A estimativa é que no Distrito Federal existam cerca de 1500 pessoas realizando o trabalho de catação de, aproximadamente, 500 toneladas diárias, somente no lixão da Estrutural. Apesar de já terem o reconhecimento de sua atividade como categoria profissional no Código Brasileiro de Ocupações, muitos catadores continuam trabalhando na informalidade e não dispõem de condições adequadas para a realização de seu trabalho.

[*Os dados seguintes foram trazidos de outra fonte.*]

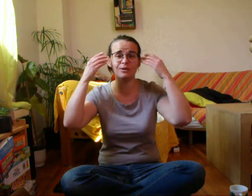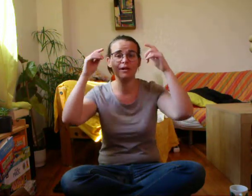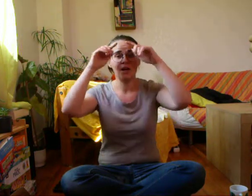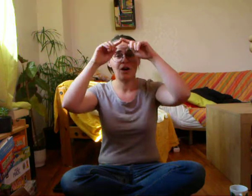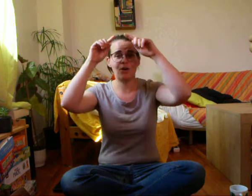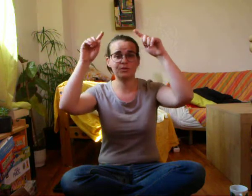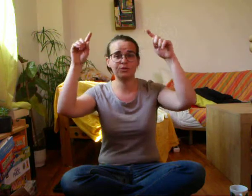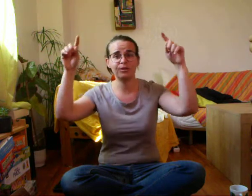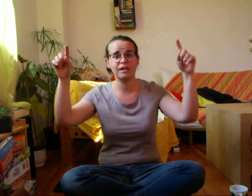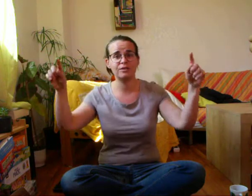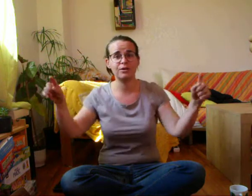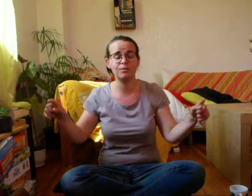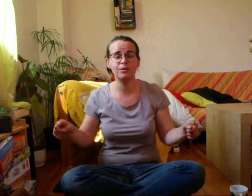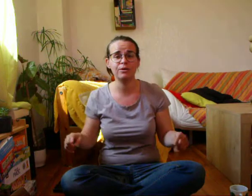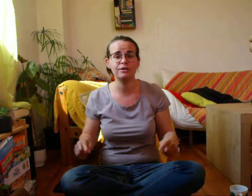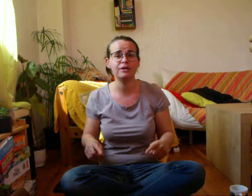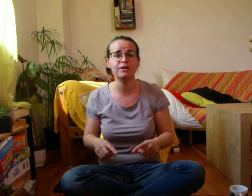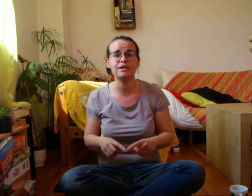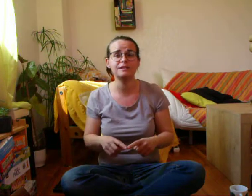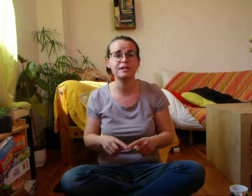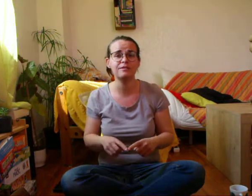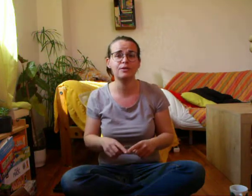Entourés de bulles de savon

A maioria dos catadores são mulheres jovens, em idade reprodutiva, chefes de família, com uma média de quatro filhos, os quais muitos estão fora da escola e também trabalham nos lixões. Além disso, a baixa escolaridade, a falta de alimentação habitação e saneamento básico, a ausência e fragilidade das políticas públicas e o não acesso, por falta de conhecimento, à rede de serviços sociais demonstram a baixa qualidade de vida desses trabalhadores.
Ciente desse contexto, o Tribunal de Justiça do Distrito Federal e dos Territórios implementou ações de Responsabilidade Socioambiental, com estímulo à reflexão, conscientização e adoção de objetivos e ações concretas, dentre elas o Programa de Coleta Seletiva Solidária; e a celebração de um convênio com a Central das Cooperativas de Catadores de Material Reciclável de Brasília, destinando resíduos sólidos já separados a 17 cooperativas associadas.